Your answer should be the lines below from the one with "[00:00:00.700]" to the one with "[00:00:06.500]", both included, given again exactly and with nothing added.

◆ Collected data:

►

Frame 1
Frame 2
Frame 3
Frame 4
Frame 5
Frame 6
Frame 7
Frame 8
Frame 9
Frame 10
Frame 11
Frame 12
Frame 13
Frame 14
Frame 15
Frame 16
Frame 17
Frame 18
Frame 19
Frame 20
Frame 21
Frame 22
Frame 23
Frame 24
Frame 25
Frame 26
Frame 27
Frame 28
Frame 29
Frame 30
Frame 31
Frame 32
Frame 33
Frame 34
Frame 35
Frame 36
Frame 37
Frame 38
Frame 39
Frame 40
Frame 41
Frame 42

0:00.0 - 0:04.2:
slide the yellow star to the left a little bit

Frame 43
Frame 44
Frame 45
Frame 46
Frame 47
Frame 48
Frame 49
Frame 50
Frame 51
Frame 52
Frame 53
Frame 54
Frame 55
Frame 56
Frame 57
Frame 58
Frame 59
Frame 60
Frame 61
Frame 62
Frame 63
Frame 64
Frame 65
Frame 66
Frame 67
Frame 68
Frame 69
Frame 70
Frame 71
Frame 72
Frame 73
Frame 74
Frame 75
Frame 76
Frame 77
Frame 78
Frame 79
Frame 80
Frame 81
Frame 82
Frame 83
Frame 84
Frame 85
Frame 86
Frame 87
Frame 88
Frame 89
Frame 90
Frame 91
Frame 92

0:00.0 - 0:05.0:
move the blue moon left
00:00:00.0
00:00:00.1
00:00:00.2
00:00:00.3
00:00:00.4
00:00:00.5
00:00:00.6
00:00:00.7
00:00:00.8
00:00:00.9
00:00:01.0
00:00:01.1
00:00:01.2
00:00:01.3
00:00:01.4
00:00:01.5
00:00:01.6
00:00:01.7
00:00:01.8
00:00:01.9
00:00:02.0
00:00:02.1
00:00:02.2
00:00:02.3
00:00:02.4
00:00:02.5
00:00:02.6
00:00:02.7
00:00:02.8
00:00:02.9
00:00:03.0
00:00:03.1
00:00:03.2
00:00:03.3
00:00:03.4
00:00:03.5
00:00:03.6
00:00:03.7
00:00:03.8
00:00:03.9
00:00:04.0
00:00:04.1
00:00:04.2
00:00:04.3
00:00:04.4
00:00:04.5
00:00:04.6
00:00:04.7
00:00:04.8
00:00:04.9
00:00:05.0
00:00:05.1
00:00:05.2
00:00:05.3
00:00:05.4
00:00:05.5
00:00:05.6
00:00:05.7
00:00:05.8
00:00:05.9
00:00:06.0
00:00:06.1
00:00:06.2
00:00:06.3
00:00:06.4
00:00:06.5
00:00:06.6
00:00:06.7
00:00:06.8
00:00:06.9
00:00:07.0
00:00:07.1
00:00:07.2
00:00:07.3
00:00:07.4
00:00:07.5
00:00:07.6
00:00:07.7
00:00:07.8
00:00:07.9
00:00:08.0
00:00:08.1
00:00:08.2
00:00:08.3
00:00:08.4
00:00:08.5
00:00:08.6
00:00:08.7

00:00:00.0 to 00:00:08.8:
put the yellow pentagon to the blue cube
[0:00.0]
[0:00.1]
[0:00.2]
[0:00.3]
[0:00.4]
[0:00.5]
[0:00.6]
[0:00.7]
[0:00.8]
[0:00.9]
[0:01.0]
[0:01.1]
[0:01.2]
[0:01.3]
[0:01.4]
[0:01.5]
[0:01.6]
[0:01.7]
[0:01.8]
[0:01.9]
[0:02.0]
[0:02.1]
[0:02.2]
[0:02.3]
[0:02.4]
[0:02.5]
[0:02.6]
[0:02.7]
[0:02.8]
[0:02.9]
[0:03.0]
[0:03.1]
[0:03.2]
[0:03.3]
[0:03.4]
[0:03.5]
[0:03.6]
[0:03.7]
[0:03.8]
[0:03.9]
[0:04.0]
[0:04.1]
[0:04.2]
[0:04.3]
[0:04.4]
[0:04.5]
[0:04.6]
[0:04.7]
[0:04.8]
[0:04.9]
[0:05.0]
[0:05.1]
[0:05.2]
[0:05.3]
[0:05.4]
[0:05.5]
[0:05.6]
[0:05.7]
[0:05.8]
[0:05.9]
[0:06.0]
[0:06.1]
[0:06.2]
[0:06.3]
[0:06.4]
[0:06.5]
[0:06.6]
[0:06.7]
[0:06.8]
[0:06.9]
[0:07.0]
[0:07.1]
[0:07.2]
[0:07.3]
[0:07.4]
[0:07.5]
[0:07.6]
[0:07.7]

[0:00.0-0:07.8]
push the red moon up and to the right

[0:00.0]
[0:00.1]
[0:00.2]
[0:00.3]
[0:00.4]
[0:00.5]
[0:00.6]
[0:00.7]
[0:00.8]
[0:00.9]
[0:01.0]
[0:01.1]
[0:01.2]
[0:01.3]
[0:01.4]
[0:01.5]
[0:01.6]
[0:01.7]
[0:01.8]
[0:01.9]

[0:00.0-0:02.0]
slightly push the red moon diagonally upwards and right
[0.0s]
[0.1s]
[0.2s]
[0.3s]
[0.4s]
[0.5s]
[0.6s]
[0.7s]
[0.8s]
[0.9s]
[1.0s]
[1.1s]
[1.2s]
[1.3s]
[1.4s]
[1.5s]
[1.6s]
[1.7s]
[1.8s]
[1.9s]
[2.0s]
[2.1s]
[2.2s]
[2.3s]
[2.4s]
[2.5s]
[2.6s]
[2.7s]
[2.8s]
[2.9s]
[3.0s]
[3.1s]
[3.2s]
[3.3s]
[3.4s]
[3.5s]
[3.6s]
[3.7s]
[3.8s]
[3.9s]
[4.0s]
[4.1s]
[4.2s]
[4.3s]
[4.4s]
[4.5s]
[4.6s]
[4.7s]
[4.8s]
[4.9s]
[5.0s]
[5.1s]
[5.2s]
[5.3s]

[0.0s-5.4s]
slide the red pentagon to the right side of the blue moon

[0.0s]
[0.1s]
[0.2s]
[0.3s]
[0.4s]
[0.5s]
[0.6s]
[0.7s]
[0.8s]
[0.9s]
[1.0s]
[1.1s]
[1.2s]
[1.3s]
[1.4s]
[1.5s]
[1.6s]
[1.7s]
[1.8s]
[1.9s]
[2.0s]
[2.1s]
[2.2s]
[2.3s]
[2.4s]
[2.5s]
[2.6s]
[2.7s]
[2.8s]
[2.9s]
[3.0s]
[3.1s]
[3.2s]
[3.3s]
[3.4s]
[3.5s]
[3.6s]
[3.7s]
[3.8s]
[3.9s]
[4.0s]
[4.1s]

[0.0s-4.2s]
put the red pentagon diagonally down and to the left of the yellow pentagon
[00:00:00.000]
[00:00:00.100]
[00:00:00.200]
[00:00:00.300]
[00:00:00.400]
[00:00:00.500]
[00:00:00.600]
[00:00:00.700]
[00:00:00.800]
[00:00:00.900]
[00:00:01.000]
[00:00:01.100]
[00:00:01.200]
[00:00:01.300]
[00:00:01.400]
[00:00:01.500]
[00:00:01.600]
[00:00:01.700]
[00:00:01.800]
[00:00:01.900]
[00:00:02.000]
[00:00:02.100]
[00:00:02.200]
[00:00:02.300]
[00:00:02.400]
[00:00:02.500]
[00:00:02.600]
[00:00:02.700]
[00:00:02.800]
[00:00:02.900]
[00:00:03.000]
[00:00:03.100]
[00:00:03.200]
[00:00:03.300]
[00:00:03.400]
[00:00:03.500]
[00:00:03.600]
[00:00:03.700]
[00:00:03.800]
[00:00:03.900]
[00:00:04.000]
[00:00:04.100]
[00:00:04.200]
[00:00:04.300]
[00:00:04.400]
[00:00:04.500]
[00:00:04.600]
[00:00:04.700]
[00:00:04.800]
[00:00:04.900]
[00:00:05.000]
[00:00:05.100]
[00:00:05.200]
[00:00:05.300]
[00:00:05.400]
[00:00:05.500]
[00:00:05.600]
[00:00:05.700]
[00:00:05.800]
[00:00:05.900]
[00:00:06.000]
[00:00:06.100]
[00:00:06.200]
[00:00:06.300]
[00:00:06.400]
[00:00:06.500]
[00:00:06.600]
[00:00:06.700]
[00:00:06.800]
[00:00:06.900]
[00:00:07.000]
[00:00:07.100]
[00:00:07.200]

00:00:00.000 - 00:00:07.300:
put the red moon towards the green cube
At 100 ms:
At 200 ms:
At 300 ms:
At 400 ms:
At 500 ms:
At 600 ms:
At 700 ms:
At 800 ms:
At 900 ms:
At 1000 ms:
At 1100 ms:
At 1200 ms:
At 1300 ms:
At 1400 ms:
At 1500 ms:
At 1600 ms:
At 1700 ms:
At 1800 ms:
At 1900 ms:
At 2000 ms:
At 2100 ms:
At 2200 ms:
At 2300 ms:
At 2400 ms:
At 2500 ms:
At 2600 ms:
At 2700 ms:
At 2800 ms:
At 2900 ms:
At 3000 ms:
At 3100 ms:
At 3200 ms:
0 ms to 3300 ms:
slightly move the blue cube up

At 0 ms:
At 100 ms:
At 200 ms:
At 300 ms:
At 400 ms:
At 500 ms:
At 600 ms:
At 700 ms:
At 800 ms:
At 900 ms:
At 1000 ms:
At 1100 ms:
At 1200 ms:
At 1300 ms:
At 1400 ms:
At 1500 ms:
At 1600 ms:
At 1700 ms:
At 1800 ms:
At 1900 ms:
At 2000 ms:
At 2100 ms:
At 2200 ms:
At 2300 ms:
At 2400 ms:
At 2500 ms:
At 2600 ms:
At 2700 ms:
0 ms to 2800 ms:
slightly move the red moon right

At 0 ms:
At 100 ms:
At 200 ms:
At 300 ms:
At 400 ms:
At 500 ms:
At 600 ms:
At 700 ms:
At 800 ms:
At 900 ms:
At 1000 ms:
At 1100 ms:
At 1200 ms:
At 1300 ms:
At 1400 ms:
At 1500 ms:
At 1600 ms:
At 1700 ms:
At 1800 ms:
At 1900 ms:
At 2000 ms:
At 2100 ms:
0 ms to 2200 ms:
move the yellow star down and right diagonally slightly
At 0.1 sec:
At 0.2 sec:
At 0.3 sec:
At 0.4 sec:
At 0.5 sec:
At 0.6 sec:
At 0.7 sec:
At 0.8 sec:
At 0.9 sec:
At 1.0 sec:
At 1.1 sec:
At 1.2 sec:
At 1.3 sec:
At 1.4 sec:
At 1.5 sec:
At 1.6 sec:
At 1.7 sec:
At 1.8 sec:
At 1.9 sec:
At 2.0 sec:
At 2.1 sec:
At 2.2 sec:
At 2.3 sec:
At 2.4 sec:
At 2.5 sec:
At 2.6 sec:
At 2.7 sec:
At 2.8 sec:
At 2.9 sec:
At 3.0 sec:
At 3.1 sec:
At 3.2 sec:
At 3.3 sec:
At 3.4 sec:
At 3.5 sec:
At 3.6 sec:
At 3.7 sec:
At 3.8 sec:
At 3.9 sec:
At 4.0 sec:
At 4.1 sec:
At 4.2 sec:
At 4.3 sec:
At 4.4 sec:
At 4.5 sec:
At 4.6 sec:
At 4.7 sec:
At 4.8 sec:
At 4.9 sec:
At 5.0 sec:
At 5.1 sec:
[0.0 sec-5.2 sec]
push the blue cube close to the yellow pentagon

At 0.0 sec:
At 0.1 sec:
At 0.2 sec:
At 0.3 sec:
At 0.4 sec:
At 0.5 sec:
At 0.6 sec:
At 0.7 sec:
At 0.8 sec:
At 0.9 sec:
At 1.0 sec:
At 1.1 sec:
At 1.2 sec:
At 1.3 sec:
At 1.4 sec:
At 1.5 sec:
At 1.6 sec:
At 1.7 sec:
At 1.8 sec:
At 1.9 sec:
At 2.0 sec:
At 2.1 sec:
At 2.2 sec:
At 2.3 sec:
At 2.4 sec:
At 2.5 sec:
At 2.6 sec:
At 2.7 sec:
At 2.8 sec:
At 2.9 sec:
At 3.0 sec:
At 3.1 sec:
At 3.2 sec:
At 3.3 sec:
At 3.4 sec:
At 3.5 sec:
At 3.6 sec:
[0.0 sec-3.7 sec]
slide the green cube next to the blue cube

◄

◆ ANSWER SECTION:
[00:00:00.700]
[00:00:00.800]
[00:00:00.900]
[00:00:01.000]
[00:00:01.100]
[00:00:01.200]
[00:00:01.300]
[00:00:01.400]
[00:00:01.500]
[00:00:01.600]
[00:00:01.700]
[00:00:01.800]
[00:00:01.900]
[00:00:02.000]
[00:00:02.100]
[00:00:02.200]
[00:00:02.300]
[00:00:02.400]
[00:00:02.500]
[00:00:02.600]
[00:00:02.700]
[00:00:02.800]
[00:00:02.900]
[00:00:03.000]
[00:00:03.100]
[00:00:03.200]
[00:00:03.300]
[00:00:03.400]
[00:00:03.500]
[00:00:03.600]
[00:00:03.700]
[00:00:03.800]
[00:00:03.900]
[00:00:04.000]
[00:00:04.100]
[00:00:04.200]
[00:00:04.300]
[00:00:04.400]
[00:00:04.500]
[00:00:04.600]
[00:00:04.700]
[00:00:04.800]
[00:00:04.900]
[00:00:05.000]
[00:00:05.100]
[00:00:05.200]
[00:00:05.300]
[00:00:05.400]
[00:00:05.500]
[00:00:05.600]
[00:00:05.700]
[00:00:05.800]
[00:00:05.900]
[00:00:06.000]
[00:00:06.100]
[00:00:06.200]
[00:00:06.300]
[00:00:06.400]
[00:00:06.500]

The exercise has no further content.